How can I refresh a webpage using Puppeteer when it fails to load?

Emma_Galaxy · August 21, 2025, 10:15am

I’m working on a web scraping project and sometimes pages don’t load correctly. When this happens, I get errors trying to find elements on the page. I noticed that if I manually refresh the page in the browser, it works fine.

I tried using page.reload() but it’s not working as expected. Here’s my code:

for(const category of categories) {
    
    // Extract all product links from the page
    const productLinks = await page.$$eval('section.content > div.item-grid > article > header a.title-link', anchors => anchors.map(anchor => anchor.href));
    
    // Process each product link individually
    for (let productUrl of productLinks) {
        var index = counter++;
        try {
            await page.goto(productUrl);
            const productTitle = await page.$eval('header.product-title h1', element => element.innerText.trim());
            console.log('\n' + index);
            console.log(productTitle);
        } catch(error) {
            console.log('\n' + index);
            console.log('FAILED', error);
            await page.reload();
        }
    }
}

The error I’m getting looks like this:

FAILED Error: Error: failed to find element matching selector "header.product-title h1"
    at ElementHandle.$eval
    at process._tickCallback

Is there a better way to handle page reloading in Puppeteer when elements fail to load? The pages work when I refresh them manually, so I think there should be an automatic way to do this.

Luna23 · September 1, 2025, 3:55am

add a wait after the reload - try await page.waitForTimeout(2000) or better yet await page.waitForSelector('header.product-title h1'). the page often needs extra time to fully load even after reload finishes.

sofia_scribbles · August 30, 2025, 1:23pm

I’ve hit this same issue with production scrapers. The real problem isn’t reload timing - you’re being reactive instead of building resilience upfront.

I wrap my scraping logic in an automation pipeline. Skip the manual retry code and page reloads. Set up workflows that handle navigation fails, missing elements, and data extraction with built-in recovery.

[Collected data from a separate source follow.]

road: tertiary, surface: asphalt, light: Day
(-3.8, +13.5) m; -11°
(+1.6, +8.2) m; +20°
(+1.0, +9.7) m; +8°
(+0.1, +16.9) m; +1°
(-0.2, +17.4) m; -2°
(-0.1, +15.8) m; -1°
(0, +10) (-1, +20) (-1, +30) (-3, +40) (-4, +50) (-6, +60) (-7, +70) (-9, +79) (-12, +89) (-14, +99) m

The workflow watches each page load, catches missing elements automatically, and tries different strategies. Reload, wait for selectors, switch user agents - whatever works. No complex error handling needed.

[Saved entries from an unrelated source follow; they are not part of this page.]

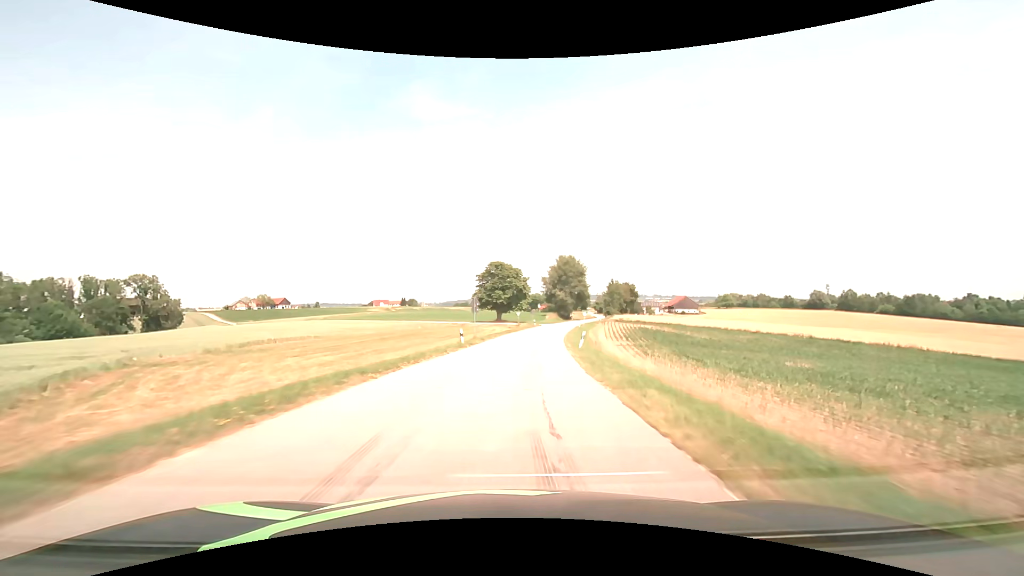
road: tertiary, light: Day
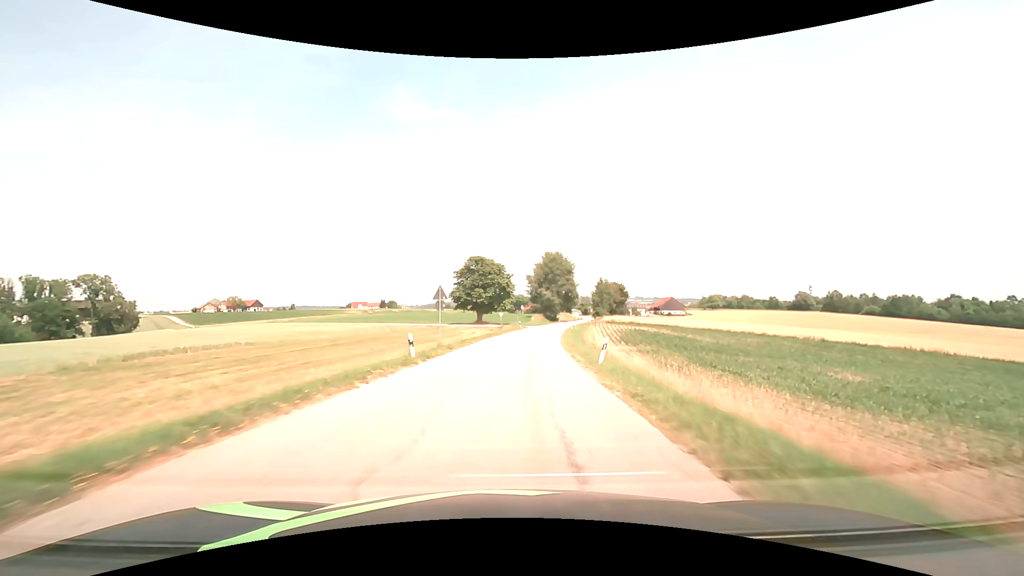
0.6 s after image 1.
(+0.2, +10.7) m; +2°
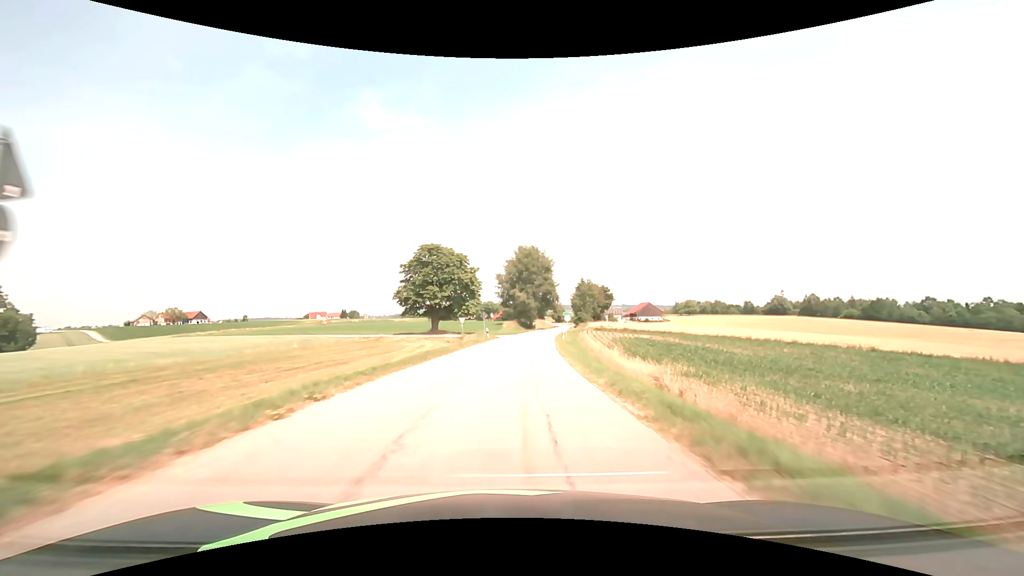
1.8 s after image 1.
(+0.7, +21.7) m; +4°
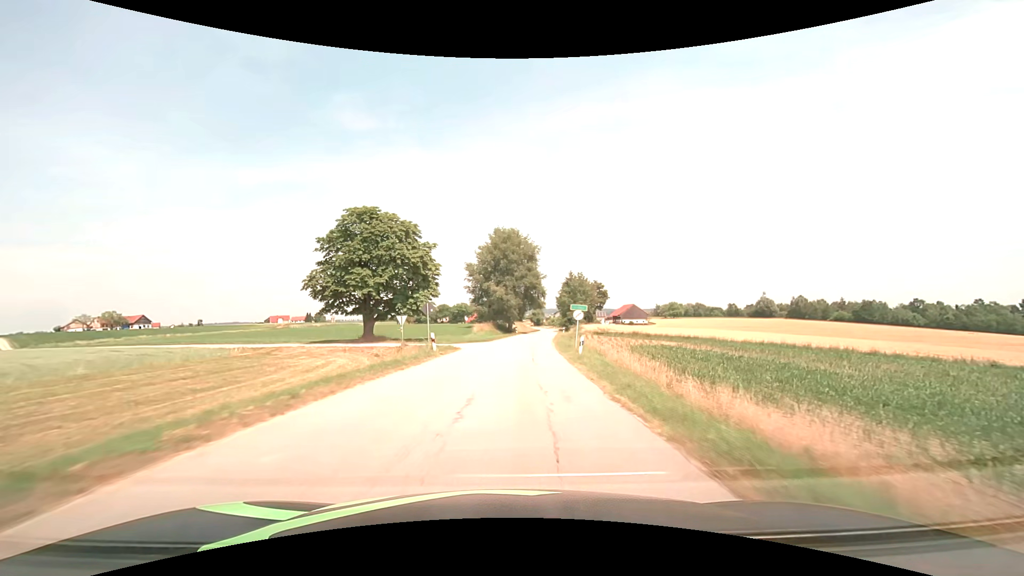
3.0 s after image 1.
(+0.5, +22.5) m; +3°
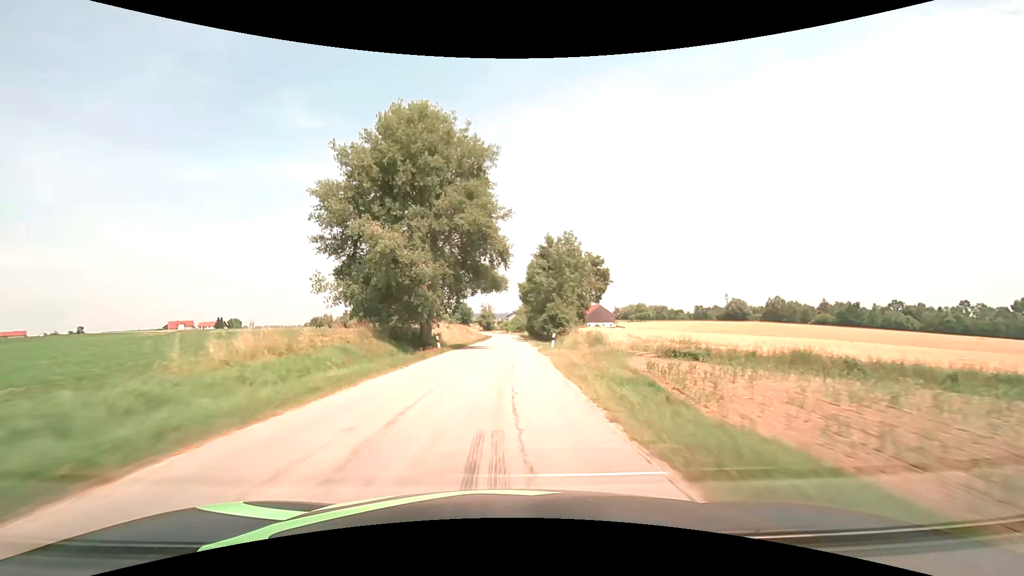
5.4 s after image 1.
(+2.7, +48.1) m; +6°
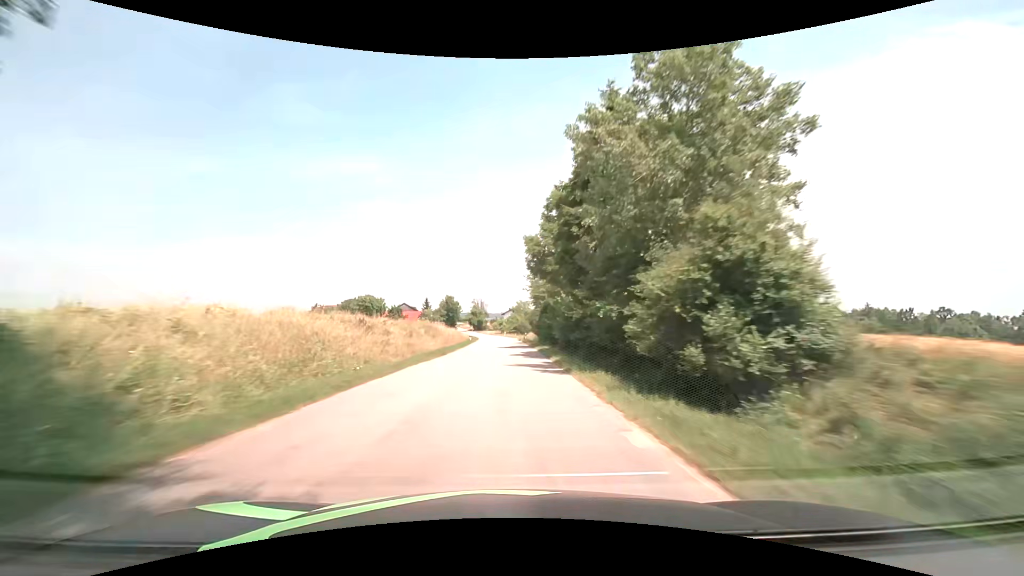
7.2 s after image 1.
(0.0, +38.8) m; 0°
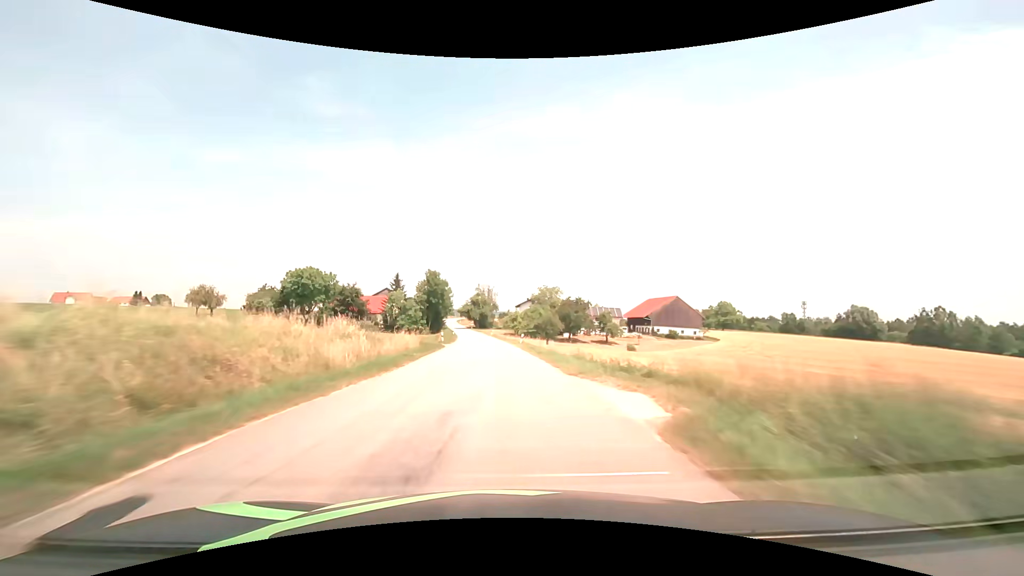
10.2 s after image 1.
(-0.4, +67.9) m; -1°
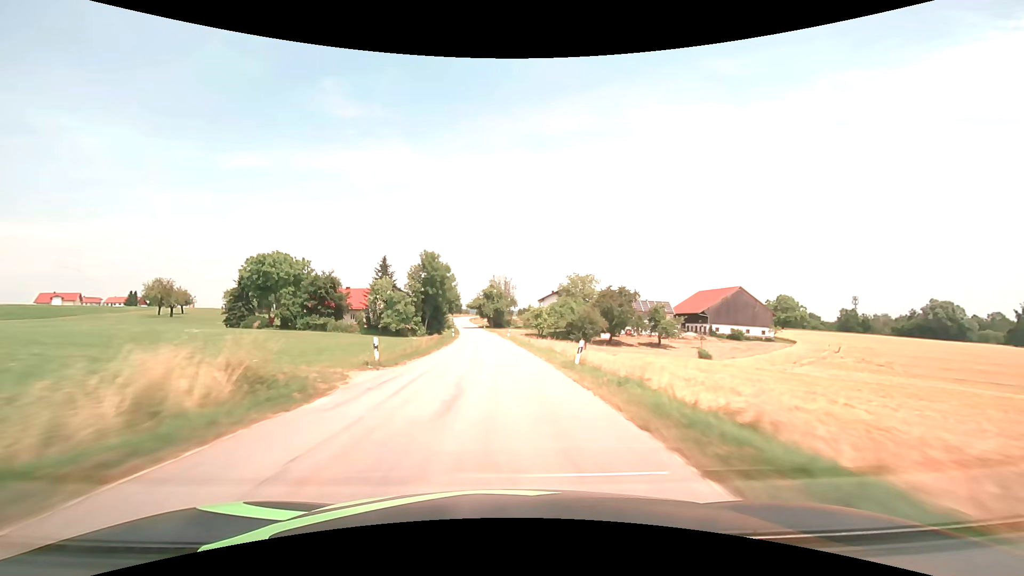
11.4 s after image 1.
(-0.6, +27.7) m; -2°
(0, +10) (0, +20) (0, +30) (-1, +40) (-1, +50) (-2, +60) (-3, +70) (-4, +80) (-5, +90) (-6, +100) m

This scales way better with hundreds of URLs. You get proper logging, failure tracking, plus alerts when sites consistently break.

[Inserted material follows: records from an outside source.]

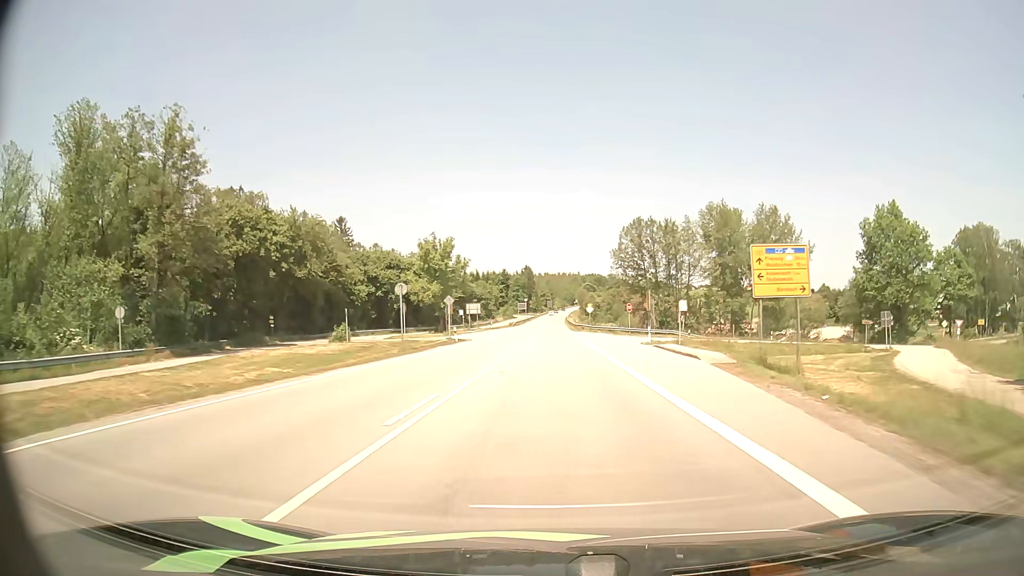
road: primary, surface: asphalt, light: Day
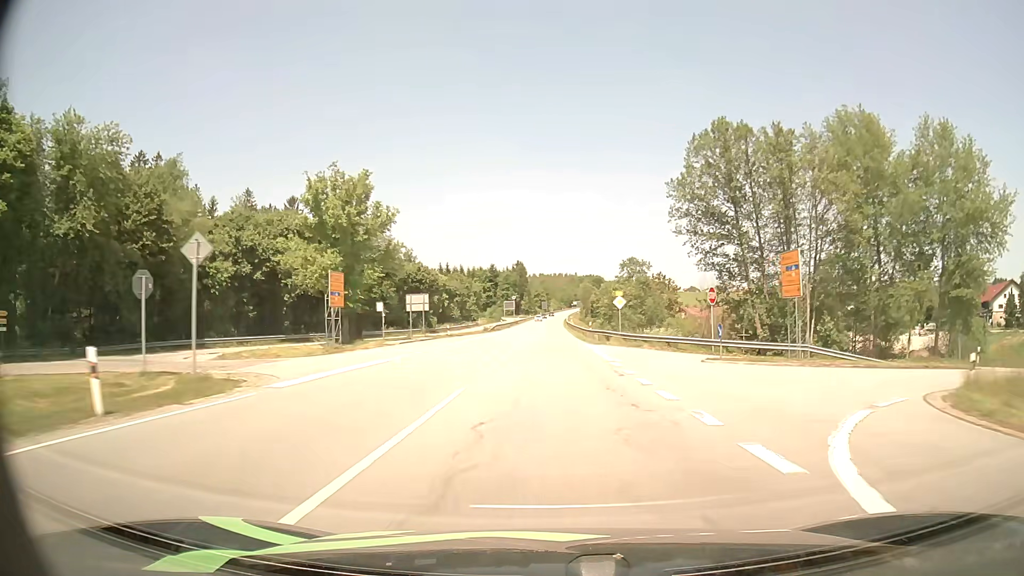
(+0.1, +38.9) m; 0°
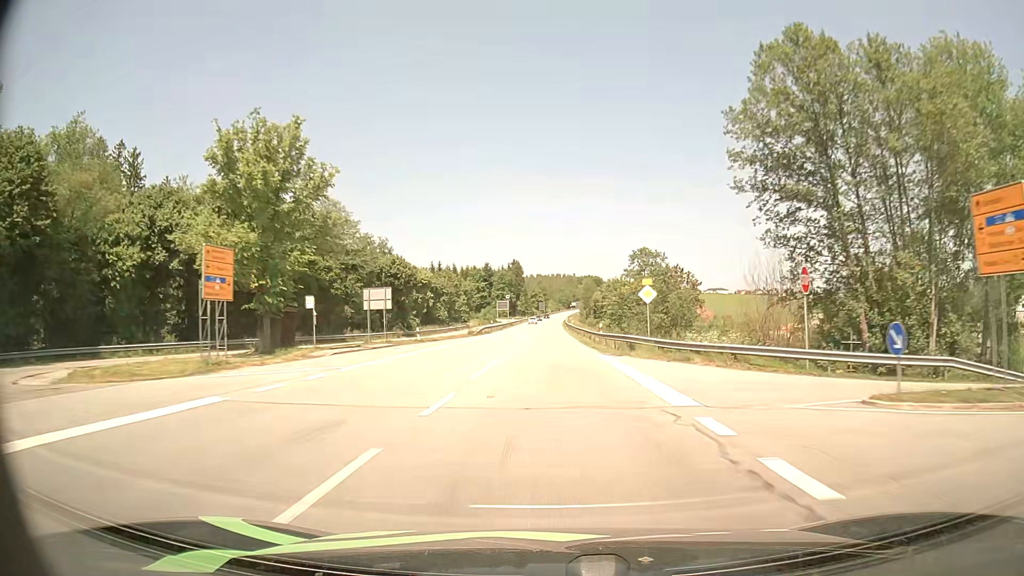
(0.0, +13.3) m; 0°
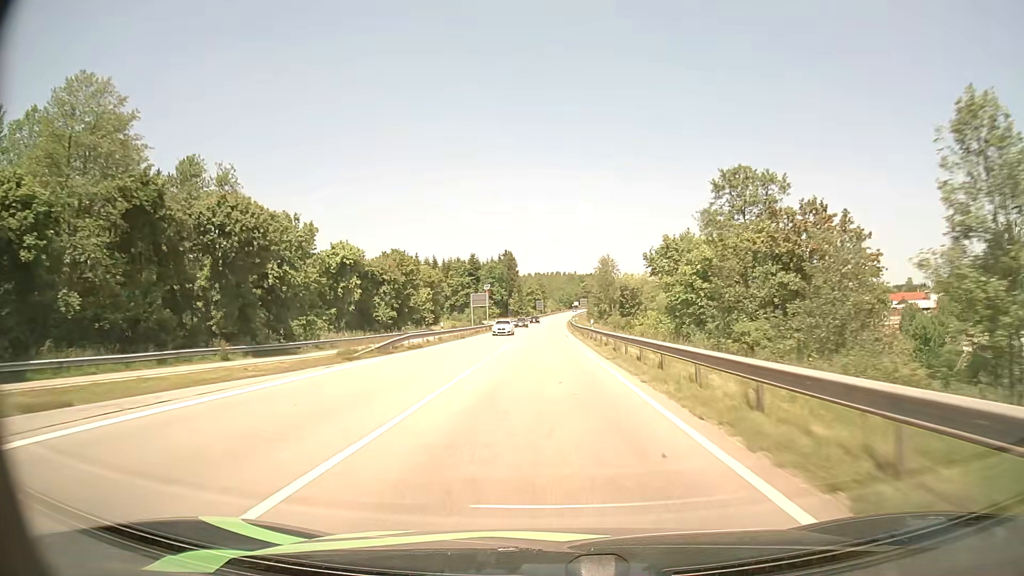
(+0.1, +40.7) m; 0°
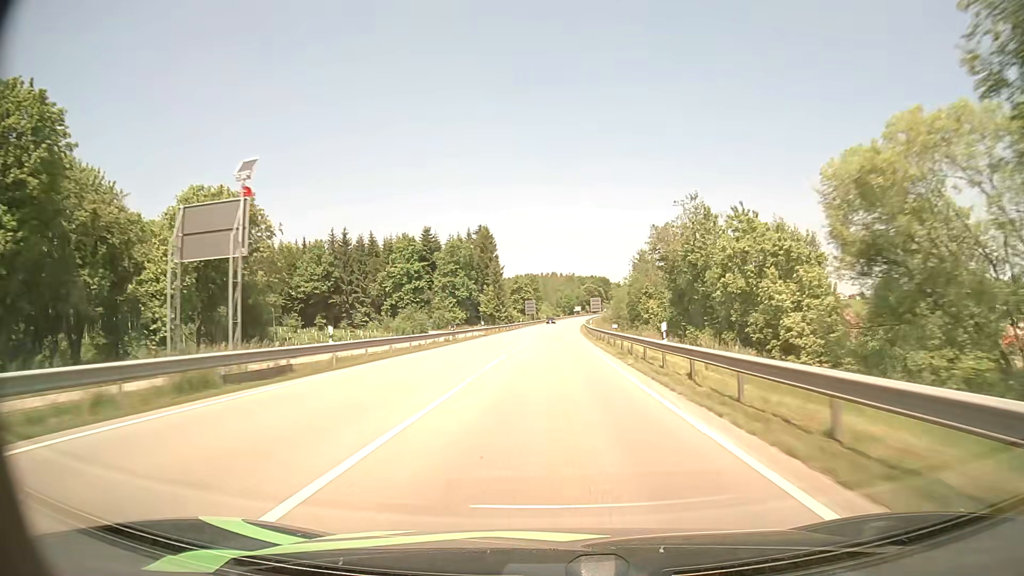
(-0.3, +70.6) m; 0°
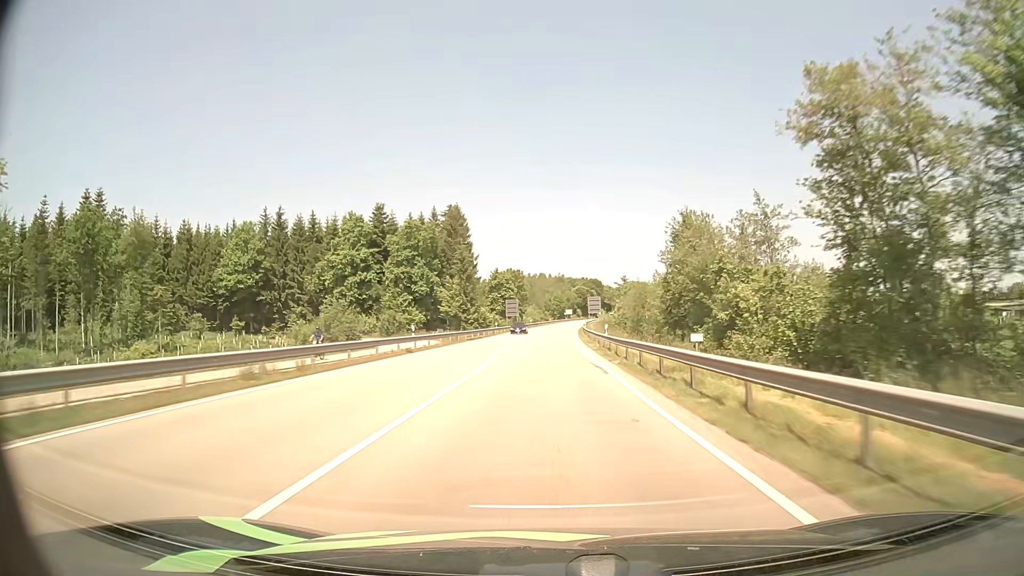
(+0.3, +29.5) m; +1°
(0, +10) (0, +20) (0, +30) (0, +40) (0, +50) (+1, +60) (+1, +70) (+1, +80) (+2, +90) (+2, +100) m

Teams waste weeks on custom retry logic when they could automate the whole pipeline in hours. Let automation handle edge cases while you focus on extracting data.

Check out Latenode for resilient scraping workflows: https://latenode.com

ethant · August 28, 2025, 3:05pm

Try page.goto(productUrl, { waitUntil: 'domcontentloaded' }) instead of the default. Sometimes the DOM isn’t ready even after goto resolves. Also, wrap your selector in try-catch with a backup selector - the HTML structure might change between loads.

Isaac_Cosmos · August 28, 2025, 1:32am

The problem is page.reload() only reloads the current page, but you’re reloading after navigating to a product URL that didn’t load correctly. Instead of reloading, retry the navigation. Replace your catch block with await page.goto(productUrl, { waitUntil: 'networkidle2' }); then attempt to find the element again. The waitUntil option ensures the page fully loads before proceeding. Additionally, incorporate a retry counter to avoid infinite loops if a URL continually fails.

CreativePainter33 · August 27, 2025, 11:44pm

Your problem isn’t page failures - it’s timing. When page.goto() finishes, dynamic content might still be loading. I’ve had way better luck using exponential backoff with element waiting instead of reloading the page. Don’t catch the error and reload. Instead, wait for the specific element before trying to extract data. Use page.waitForSelector('header.product-title h1', { timeout: 10000 }) right after navigation. If that times out, retry with page.goto() again rather than page.reload(). I’ve scraped similar sites - the element probably loads via JavaScript after the DOM is ready. Add a small delay or check for loading indicators before selecting elements. This prevents most failures without any reload logic.

Tom_89Paint · August 27, 2025, 11:35pm

I’ve hit this same issue. A retry mechanism works way better than just reloading the page. Your catch block reloads but doesn’t retry the element selection - that’s the problem. Wrap your element extraction in a separate function with retry logic. Create a retry wrapper that runs page.$eval() multiple times with delays between attempts. Network timeouts and incomplete DOM rendering cause this constantly. Also check if the page actually loaded after page.goto() by verifying the response status before you try extracting elements. This approach has been way more reliable than reloading in my scraping projects.